A little puzzle with printf()
and C argument passing
In The Easy Ones – Three Bugs Hiding in the Open, Bruce Dawson gave us a little C puzzle in passing:
The variable arguments in printf formatting means that it is easy to get type mismatches. The practical results vary considerably:
- printf(“0x%08lx”, p); // Printing a pointer as an int – truncation or worse on 64-bit
- printf(“%d, %f”, f, i); // Swapping float and int – could print nonsense, or might actually work (!)
- printf(“%s %d”, i, s); // Swapping the order of string and int – will probably crash
[...] (aside: understanding why #2 often prints the desired result is a good ABI puzzle)
I had to think about this for a bit, and then I realized why and how it can work (and why similar integer versus float argument confusion can also work for other functions, even ones with fixed argument lists). What it comes down to is that in some ABIs, arguments are passed in registers (at least early arguments, before you run out of registers), and floating point arguments are passed in different registers than integers (and pointers). This is true even for functions that take variable arguments and will walk through them using stdarg macros (or at least it can be, depending on the ABI).
Because floating point and non floating point arguments are passed in different sets of registers, what matters isn't the total order of arguments but the order of floating point or non-fp arguments. So here, regardless of where '%f' is in the printf format, it always causes printf() to get the first floating point argument, which can never be confused with an integer argument. Similarly, the first '%d' causes printf() to look for the second non-fp argument, regardless of where it was in the argument order; it could be at the end of several floating point arguments and still work.
(The '%d' makes printf() look for the second non-fp argument because the first one was the format string. In an ABI that passed pointers in a separate place than integers, it would still work out, since now the first '%d' would be looking for the first integer argument.)

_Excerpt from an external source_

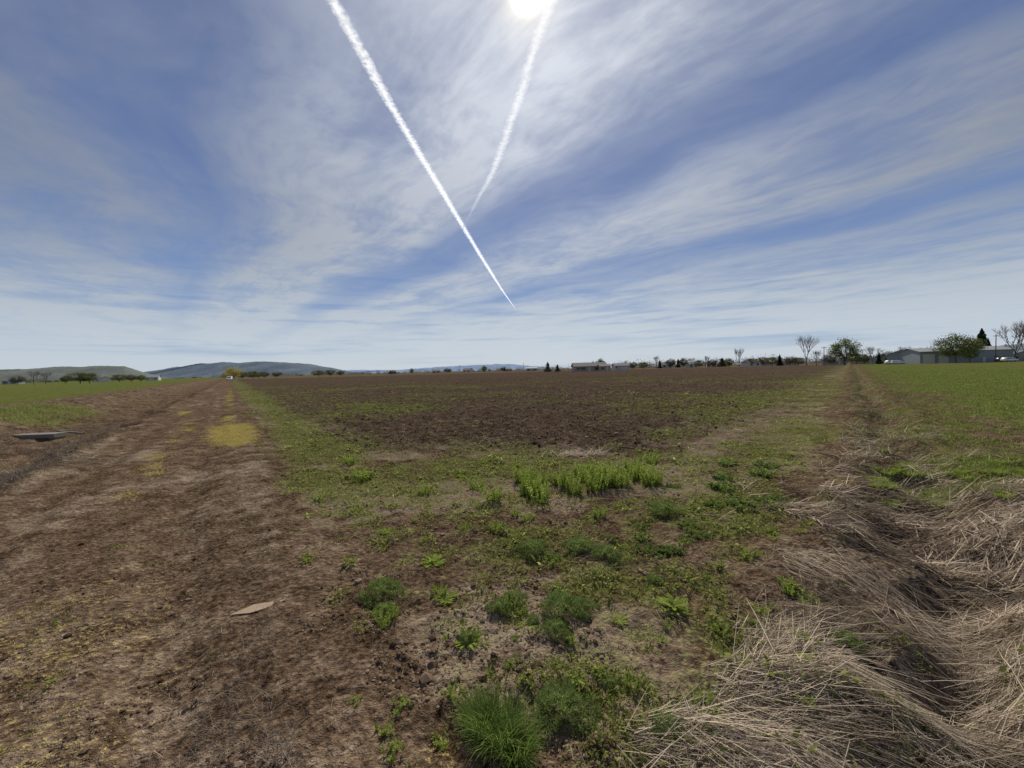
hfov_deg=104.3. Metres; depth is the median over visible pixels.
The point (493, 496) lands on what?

Using the excellent services of godbolt.org, we can see this in
action on 64-bit x86 in a very small example (I used a very small example and a
decent optimization level to get clear, minimal assembly code). The
floating point argument is passed in xmm0
, while the format string
and the integer argument are passed in edi
and esi
respectively
(I don't know what eax
is doing, but it probably has something
to do with the ABI). A similar thing happens on 64-bit ARM v8 (aka
Aarch64), as we can also see on godbolt with the same example on
Aarch64.
(Based on this page,
the Aarch64 x0
and w1
are in the same set of registers. Apparently
d0
is a 64-bit version of the first floating point register, from
here
[pdf]. I wound up looking up all of this to be sure I understood
what was going on in the Aarch64 call, so I might as well write it
down here.)
Since pointers and integers are normally passed in the same set of
registers (at least on 64-bit x86 and Aarch64), we can also see why
the third example is very likely to fail. Since the same set of
registers is used for both argument types, it's possible to use an
integer argument as a pointer argument, with a segmentation fault
as the likely result. Similarly, we can predict that 'printf("%s
%f", f, s);
' might well work.
PS: This confusion can happen in any language that follows the C ABI on a platform with this sort of split usage of registers (although many languages may prevent this sort of argument type confusion). Not all languages do; famously, Go currently passes all arguments on the stack (as of Go 1.15 and soon Go 1.16).